RECORDS FOR PROCESSING:
· · · · ·

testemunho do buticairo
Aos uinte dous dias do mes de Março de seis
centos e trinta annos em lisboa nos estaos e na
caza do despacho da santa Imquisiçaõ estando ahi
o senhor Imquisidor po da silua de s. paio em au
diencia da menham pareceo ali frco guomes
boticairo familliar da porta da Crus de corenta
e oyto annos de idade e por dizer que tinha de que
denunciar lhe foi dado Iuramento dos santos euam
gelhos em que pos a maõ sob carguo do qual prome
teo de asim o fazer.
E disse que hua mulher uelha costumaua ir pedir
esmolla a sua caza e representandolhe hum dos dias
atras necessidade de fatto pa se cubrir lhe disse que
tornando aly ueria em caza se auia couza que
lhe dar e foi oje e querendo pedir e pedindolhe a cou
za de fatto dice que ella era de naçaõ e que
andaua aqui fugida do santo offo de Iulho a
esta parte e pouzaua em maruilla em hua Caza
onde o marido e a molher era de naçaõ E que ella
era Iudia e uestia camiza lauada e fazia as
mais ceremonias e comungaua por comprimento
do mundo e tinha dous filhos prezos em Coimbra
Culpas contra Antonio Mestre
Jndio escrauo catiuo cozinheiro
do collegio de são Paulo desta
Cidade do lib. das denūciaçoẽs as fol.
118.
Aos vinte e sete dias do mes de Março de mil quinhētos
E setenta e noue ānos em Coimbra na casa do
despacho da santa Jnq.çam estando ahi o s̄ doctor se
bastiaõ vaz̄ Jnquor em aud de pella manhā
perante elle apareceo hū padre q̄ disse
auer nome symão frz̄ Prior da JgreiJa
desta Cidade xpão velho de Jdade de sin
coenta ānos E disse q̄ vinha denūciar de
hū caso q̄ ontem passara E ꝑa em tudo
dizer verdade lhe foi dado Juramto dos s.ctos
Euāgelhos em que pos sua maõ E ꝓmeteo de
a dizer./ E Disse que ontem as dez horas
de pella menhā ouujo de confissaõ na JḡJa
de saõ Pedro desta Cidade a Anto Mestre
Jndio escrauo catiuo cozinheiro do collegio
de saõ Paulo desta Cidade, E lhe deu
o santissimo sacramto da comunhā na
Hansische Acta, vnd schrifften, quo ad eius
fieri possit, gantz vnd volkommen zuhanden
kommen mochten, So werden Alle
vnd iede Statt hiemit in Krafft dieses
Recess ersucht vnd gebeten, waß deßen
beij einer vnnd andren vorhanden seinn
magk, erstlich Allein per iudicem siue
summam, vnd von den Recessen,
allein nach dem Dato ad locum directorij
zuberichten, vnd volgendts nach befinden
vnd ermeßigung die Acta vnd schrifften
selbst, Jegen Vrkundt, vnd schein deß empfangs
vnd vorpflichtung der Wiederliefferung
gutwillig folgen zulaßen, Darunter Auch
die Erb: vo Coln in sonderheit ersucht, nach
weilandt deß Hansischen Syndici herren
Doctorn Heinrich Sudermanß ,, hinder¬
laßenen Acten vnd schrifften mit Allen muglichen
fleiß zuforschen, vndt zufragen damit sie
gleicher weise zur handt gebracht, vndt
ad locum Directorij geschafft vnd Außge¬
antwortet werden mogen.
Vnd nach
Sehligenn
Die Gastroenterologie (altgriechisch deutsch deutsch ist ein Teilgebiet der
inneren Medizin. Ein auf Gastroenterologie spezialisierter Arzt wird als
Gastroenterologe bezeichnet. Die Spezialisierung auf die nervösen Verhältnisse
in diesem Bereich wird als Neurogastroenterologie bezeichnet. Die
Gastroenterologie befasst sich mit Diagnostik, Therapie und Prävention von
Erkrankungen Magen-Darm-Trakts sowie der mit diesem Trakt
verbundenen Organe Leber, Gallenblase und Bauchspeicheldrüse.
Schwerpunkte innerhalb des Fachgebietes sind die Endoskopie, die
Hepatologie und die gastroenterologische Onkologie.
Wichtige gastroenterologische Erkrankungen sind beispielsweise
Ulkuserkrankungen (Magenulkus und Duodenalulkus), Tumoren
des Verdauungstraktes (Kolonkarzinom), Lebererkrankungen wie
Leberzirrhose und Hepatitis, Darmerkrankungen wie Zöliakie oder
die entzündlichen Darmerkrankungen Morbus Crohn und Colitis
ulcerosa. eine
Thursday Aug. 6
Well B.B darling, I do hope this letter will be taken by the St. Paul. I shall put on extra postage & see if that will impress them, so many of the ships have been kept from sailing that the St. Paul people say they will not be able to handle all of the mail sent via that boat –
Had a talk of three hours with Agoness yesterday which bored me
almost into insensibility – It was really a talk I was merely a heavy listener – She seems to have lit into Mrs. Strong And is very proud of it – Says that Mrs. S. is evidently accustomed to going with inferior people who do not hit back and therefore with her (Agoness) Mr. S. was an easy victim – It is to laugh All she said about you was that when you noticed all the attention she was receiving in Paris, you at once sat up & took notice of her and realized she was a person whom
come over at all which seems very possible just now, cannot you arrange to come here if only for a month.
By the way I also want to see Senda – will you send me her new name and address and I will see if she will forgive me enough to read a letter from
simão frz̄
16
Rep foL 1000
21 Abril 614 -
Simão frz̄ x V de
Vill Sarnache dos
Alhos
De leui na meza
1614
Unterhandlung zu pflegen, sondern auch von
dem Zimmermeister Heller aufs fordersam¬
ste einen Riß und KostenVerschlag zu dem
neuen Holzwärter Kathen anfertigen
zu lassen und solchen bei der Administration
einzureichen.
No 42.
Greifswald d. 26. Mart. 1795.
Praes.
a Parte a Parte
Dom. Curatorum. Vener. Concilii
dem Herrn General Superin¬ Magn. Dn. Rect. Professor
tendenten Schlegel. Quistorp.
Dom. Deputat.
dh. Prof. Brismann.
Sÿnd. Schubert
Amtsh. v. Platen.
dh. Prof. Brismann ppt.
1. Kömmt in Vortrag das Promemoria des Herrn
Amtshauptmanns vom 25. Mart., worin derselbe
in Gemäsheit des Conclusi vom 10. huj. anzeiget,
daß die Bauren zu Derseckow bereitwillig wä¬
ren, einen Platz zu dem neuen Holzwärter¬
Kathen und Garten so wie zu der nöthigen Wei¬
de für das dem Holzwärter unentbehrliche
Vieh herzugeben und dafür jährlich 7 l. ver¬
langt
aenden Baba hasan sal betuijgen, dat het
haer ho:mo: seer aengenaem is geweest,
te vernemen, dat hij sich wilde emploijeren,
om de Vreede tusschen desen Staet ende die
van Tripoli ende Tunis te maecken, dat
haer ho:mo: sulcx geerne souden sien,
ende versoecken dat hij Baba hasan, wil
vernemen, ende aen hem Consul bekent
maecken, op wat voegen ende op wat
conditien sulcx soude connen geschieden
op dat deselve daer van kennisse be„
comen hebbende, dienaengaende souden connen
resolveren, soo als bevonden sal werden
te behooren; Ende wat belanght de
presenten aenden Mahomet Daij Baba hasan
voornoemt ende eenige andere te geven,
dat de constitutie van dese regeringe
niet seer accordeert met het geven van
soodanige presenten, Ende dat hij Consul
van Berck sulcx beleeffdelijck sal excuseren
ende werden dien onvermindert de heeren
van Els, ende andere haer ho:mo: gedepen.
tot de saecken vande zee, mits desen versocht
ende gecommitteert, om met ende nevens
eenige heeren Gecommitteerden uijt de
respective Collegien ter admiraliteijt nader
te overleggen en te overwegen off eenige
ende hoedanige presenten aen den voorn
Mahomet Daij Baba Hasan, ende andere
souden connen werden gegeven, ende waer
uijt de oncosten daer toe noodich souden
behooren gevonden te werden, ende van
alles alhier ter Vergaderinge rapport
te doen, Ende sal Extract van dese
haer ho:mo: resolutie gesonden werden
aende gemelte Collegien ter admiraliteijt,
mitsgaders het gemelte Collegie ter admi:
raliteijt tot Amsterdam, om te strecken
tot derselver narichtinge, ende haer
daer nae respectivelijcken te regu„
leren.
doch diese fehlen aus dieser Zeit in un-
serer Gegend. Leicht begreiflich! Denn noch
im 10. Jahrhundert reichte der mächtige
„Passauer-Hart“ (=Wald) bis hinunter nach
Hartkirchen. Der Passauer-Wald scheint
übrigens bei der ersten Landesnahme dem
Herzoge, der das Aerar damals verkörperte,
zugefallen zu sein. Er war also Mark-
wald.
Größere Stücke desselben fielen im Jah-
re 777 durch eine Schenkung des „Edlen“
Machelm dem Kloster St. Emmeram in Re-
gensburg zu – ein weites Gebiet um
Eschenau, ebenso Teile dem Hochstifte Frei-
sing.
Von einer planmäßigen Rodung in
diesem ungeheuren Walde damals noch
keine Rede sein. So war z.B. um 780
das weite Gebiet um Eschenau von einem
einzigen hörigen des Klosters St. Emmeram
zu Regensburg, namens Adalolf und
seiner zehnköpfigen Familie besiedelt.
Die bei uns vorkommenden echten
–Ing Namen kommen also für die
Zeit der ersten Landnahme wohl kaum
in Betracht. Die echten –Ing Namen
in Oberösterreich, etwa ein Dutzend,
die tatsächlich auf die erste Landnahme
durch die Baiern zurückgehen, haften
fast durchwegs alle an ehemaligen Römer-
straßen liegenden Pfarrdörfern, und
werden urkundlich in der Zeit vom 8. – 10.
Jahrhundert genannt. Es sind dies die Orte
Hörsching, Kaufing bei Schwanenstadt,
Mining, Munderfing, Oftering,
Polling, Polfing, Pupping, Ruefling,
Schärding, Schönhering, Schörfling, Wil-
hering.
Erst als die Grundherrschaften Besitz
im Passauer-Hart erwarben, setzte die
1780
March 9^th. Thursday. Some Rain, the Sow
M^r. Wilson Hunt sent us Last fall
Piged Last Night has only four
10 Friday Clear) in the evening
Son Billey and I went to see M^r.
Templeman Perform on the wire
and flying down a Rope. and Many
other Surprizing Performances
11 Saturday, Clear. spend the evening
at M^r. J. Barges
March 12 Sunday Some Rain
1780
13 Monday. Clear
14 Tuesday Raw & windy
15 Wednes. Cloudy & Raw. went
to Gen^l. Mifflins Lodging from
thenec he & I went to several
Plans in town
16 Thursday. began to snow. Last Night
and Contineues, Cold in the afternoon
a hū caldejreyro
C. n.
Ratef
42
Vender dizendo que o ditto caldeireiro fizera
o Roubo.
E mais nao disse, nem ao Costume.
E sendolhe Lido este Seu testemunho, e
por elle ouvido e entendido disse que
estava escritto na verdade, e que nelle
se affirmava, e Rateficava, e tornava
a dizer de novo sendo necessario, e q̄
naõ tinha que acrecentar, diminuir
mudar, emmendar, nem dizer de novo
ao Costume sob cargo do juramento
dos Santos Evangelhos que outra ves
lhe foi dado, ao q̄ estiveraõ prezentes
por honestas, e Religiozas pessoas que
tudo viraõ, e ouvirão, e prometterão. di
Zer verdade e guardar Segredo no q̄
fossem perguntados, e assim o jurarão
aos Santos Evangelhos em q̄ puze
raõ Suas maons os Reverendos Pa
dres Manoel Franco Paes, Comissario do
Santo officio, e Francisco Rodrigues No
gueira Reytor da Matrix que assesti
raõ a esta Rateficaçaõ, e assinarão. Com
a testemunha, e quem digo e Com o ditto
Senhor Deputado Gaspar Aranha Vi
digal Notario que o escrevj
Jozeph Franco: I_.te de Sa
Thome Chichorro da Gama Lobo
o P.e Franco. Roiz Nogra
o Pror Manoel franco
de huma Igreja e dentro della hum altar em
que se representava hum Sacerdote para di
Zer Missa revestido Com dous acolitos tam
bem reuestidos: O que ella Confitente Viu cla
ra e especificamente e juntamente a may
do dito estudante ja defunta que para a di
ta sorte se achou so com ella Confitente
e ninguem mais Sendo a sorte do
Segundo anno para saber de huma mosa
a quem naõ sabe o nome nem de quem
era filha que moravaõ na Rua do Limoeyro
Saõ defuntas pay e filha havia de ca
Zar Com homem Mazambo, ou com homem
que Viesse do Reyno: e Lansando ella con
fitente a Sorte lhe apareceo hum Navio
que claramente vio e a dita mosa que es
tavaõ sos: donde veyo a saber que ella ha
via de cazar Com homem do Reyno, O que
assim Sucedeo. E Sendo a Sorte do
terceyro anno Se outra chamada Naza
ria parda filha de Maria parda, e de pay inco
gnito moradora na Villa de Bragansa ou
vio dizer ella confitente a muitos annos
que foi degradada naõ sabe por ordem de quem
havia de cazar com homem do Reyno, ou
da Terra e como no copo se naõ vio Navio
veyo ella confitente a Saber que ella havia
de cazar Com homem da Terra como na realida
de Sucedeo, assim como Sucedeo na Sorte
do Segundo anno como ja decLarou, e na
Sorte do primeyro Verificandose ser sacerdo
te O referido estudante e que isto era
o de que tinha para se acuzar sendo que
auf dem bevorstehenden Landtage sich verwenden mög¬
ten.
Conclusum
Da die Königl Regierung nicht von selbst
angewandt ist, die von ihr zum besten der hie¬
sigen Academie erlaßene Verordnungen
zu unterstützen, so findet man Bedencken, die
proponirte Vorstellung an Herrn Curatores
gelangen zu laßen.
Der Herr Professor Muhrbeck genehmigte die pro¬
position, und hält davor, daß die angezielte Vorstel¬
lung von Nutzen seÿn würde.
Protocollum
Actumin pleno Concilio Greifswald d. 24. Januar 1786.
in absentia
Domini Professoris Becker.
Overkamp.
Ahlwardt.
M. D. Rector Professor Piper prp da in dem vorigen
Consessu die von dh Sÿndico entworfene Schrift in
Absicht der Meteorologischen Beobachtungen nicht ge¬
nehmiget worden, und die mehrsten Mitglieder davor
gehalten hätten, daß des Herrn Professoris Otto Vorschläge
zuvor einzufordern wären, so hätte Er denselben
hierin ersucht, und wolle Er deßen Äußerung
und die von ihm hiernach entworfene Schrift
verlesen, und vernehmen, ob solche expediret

· · · · ·

TASK INSTRUCTIONS:
Retype only this portion of the data above: the line containing "11 Saturday, Clear. spend the evening", the line containing "ao Costume sob cargo do juramento", and all lines between them, exactly.

EXPECTED OUTPUT:
11 Saturday, Clear. spend the evening
at M^r. J. Barges
March 12 Sunday Some Rain
1780
13 Monday. Clear
14 Tuesday Raw & windy
15 Wednes. Cloudy & Raw. went
to Gen^l. Mifflins Lodging from
thenec he & I went to several
Plans in town
16 Thursday. began to snow. Last Night
and Contineues, Cold in the afternoon
a hū caldejreyro
C. n.
Ratef
42
Vender dizendo que o ditto caldeireiro fizera
o Roubo.
E mais nao disse, nem ao Costume.
E sendolhe Lido este Seu testemunho, e
por elle ouvido e entendido disse que
estava escritto na verdade, e que nelle
se affirmava, e Rateficava, e tornava
a dizer de novo sendo necessario, e q̄
naõ tinha que acrecentar, diminuir
mudar, emmendar, nem dizer de novo
ao Costume sob cargo do juramento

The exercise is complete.